40 - Foram violados os artigos 32.º da C.R.P., 127.º, 410.º, n.º 2, al. c) do C.P.P., 70.º e 71.º do C. Penal e 4.º, do D.L. n.º 401/82, de 23 de setembro.
41 - Da violação do art.º 71 n.º 2 al. d) do CP, assim, como o preceito constitucional ínsito no artigo 30 da CRP.
42 - Acresce que, em julgamento, o arguido mostrou-se sinceramente arrependido e demonstrou ter interiorizado devidamente o desvalor da sua conduta, uma vez que, admitindo a prática dos factos objetivos.
43 - Pese embora se reconheça estarmos perante um caso limite, afigura-se-nos que o mesmo ainda reveste características de excecionalidade suficientes para merecer um tratamento especial, permitindo a suspensão da execução da pena, pelo mesmo período da sua duração.
44 - Para além de ser obrigatoriamente acompanhada de regime de prova (art. 53º, n.º 3, do Código Penal), assente no plano de reinserção social que os serviços de reinserção social venham a elaborar e que a primeira instância homologue (art. 494º, n.º 3, do Código de Processo Penal), nos termos do art. 51º, n.º 1, al. a), do Código Penal.
45 - Ora ao não proceder desta forma o Tribunal a quo viola o artigo 18 n.º 2 da CRP, na vertente de que só devem ser restringidos os direitos para salvaguarda os interesses constitucionalmente protegidos.
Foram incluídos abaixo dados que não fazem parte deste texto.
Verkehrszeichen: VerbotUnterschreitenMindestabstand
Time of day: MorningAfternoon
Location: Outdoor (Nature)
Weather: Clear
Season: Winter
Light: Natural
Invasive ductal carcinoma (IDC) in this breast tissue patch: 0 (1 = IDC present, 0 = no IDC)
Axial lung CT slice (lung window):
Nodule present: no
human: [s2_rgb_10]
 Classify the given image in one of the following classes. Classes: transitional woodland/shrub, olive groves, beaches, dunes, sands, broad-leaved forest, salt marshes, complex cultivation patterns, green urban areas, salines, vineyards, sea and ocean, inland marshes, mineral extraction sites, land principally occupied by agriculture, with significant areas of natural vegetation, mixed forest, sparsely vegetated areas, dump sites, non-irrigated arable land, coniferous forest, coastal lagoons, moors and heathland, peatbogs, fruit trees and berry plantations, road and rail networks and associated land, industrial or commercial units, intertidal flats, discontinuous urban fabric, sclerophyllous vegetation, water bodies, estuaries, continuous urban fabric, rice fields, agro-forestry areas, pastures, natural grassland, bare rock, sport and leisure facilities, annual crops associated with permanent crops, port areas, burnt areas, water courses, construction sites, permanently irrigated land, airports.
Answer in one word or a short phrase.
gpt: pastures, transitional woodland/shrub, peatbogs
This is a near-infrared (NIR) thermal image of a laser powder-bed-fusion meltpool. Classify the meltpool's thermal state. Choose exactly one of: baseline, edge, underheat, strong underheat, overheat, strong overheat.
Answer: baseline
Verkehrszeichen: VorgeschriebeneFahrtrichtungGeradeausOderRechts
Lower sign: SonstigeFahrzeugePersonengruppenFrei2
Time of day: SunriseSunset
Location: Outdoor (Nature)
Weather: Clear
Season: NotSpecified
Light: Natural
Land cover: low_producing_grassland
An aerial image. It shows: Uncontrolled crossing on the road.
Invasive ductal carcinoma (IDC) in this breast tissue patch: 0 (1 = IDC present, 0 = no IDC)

Só nessa medida devem ser restringidos, mas o Tribunal não fez correta valoração tendo omitido que justifica de forma vaga e genérica sem recorrer aos factos concretos.
46 - Pelo que, só nos resta concluir, que mais uma vez andou mal o Tribunal recorrido, tendo o mesmo violado o disposto no art.º 71 n.º 2 al. d) do CP, assim, como o preceito constitucional ínsito no artigo 30 da CRP.
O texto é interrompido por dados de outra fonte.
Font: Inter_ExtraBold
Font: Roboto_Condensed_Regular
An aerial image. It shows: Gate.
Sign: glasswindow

47 - Como tal, e não procedendo todas as anteriores nulidades, supra invocadas, deverá em último caso ser revogada a decisão recorrida, sendo substituída por douto Acórdão que condene […] por crime de tráfico de menor gravidade p. e p. nos termos do artigo 25 do DL 15/93, de 22 de janeiro, ou se assim não se entender, que se condene o arguido pelo crime de tráfico de estupefacientes nos termos do artigo 21 n.º 1 do DL 15/93, de 22 de janeiro, reduzindo-se a pena ao mínimo legal.»
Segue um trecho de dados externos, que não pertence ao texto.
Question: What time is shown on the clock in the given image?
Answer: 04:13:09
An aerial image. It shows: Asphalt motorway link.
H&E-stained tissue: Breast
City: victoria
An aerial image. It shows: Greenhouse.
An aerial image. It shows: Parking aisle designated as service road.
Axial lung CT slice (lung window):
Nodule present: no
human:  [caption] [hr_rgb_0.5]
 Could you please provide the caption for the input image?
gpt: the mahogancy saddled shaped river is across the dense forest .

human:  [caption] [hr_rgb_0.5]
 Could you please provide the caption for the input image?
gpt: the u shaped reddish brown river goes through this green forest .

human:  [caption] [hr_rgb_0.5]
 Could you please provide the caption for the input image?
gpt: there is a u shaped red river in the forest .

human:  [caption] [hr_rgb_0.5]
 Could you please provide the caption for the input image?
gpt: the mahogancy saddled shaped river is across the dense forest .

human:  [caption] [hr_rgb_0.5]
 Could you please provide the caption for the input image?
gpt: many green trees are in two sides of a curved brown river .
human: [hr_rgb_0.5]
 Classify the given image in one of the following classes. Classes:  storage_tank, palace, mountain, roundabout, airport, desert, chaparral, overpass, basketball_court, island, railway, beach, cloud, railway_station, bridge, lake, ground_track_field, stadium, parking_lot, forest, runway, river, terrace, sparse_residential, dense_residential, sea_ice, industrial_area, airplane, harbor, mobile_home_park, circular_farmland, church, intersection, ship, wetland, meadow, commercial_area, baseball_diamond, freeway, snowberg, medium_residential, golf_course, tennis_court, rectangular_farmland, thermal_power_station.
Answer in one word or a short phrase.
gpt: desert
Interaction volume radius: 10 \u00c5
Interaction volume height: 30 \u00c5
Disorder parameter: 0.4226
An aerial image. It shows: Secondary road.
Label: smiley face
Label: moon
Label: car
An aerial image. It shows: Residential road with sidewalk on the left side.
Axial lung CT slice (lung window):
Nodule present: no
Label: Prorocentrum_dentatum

São estas as «inconstitucionalidades e ilegalidades […] elencadas» que o ora reclamante pretende que este Tribunal aprecie no âmbito do recurso de constitucionalidade que interpôs (cf. o ponto 48 da reclamação).
Ou seja, com a reclamação apresentada, o recorrente – reforçando a conclusão alcançada na decisão ora em análise –, sustenta que a decisão recorrida, para além de ter violado preceitos de direito infraconstitucional, violou múltiplos princípios e normas constitucionais, destacando diversas particularidades do caso concreto que, na sua perspetiva, foram incorretamente apreciados pelo tribunal a quo, em termos similares ao que havia feito perante esse mesmo tribunal e no requerimento de interposição de recurso para este Tribunal.
Conforme se assinalou, é manifesto que o que está em causa, verdadeiramente, nas questões sub iudicio, é sindicar a decisão do caso concreto, perante as suas específicas particularidades, no que respeita aos referidos aspetos, e não um qualquer critério normativo de decisão aplicado, autonomamente, pelo tribunal recorrido. Ora, e como mencionado, o Tribunal Constitucional português, no âmbito da fiscalização concreta, aprecia apenas problemas de constitucionalidade normativa, não detendo competência para rever ou reexaminar, de qualquer outro modo, as decisões proferidas pelos outros tribunais.
É, por conseguinte, evidente a inidoneidade do objeto do presente recurso, pelo que importa confirmar a decisão reclamada.